American serial killer (1932–2010)

Janie Lou Gibbs (née Hickox; December 25, 1932 - February 7, 2010) was an American serial killer from Cordele, Georgia, who killed her three sons, a grandson, and her husband, by poisoning them with arsenic in 1966 and 1967.

==Background==
Gibbs was born in Georgia on December 25, 1932. She operated a daycare from her home and was a dedicated member of the local church community. She had been married to her husband Charles for 18 years before she began killing.

==Murders==
In 1965, Gibbs committed her first murder, poisoning her husband Charles by putting arsenic into his dinner. While he was in hospital, she brought him homemade soup containing more poison. After Charles' death on January 21, 1966, doctors decided the cause of death had been a liver disease. After her husband's death, Gibbs was supported by the local church community. She later donated some of her husband's life insurance money to the church.
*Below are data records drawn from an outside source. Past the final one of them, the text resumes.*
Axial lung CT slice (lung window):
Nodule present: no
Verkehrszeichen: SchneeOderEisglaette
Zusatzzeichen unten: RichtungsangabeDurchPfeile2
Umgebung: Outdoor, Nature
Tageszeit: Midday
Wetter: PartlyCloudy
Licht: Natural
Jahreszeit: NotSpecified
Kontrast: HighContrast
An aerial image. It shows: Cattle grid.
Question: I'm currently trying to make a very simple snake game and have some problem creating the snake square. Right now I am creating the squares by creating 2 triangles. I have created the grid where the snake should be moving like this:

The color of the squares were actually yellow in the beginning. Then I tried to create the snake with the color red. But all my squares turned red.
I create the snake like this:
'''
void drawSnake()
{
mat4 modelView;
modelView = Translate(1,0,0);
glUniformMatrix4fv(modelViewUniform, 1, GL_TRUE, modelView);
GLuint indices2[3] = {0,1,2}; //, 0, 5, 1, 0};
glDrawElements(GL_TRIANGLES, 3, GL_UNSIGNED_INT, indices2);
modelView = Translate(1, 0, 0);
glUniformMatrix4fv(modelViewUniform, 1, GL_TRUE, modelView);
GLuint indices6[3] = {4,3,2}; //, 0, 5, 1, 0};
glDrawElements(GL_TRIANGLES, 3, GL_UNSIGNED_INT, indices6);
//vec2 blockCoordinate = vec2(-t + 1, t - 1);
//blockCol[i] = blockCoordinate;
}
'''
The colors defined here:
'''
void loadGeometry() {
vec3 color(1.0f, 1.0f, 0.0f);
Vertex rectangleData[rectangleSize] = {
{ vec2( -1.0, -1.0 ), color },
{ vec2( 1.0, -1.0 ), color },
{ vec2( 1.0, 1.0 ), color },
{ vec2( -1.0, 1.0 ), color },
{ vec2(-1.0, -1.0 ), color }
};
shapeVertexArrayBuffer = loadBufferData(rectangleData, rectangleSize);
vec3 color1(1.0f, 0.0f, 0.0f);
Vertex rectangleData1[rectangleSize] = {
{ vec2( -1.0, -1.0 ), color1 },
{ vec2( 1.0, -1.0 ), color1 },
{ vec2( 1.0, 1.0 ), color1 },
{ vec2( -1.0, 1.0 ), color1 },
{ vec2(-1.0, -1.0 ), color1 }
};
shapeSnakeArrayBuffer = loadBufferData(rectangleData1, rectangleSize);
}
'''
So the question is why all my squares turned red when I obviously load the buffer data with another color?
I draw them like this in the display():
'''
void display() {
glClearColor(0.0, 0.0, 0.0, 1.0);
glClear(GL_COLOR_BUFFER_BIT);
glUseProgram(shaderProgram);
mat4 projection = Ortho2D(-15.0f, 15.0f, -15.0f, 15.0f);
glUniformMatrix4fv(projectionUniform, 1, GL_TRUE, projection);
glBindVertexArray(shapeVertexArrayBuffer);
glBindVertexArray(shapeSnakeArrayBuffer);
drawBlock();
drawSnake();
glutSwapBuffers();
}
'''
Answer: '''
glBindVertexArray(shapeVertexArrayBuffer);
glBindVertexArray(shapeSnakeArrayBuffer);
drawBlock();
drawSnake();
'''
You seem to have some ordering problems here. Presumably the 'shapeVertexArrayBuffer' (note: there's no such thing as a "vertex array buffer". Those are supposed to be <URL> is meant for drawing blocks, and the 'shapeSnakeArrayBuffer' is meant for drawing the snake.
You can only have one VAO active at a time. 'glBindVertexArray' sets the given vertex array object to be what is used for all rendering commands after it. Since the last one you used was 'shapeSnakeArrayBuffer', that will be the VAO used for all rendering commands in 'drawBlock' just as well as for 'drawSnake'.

Eight months after the death of Gibbs's husband, she poisoned her youngest son, 13-year-old Marvin. He died on August 29, 1966. He was assumed to have inherited a liver disease from his father, but his death certificate listed hepatitis. Gibbs was not suspected of any wrongdoing, and she again donated a large portion of her life insurance payout to the local church. On January 23, 1967, another one of Gibbs's sons, 16-year-old Melvin, died suddenly. Doctors listed his cause of death as a rare muscular disorder, and for a third time, Gibbs donated most of the life insurance money to the church.

Gibbs now had only one son left, 19-year-old Roger. Roger had fathered a child named Ronnie with his wife, and Gibbs was seen to be delighted that she had become a grandmother. Soon, Ronnie became sick and died suddenly, followed only a month later by his father. Following the sudden deaths of a previously healthy young man and his infant son, the family physician became suspicious and referred the case to the state crime lab.

==Aftermath==
An autopsy on Roger found that he had ingested a fatal amount of arsenic. Gibbs was arrested for murder on December 25, and the bodies of her husband and two buried sons were exhumed. Autopsies conducted in the cemetery revealed each of the five murdered members of the Gibbs household had arsenic present in their bodies.

Gibbs initially was found mentally unfit to stand trial and was confined to a mental institution where she worked as a cook. Later, she stood trial and was sentenced to five life sentences. She remained imprisoned until 1999 when she was diagnosed with Parkinson's disease and was released into the custody of her sister. She died in 2010 in a nursing home in Douglasville, Georgia.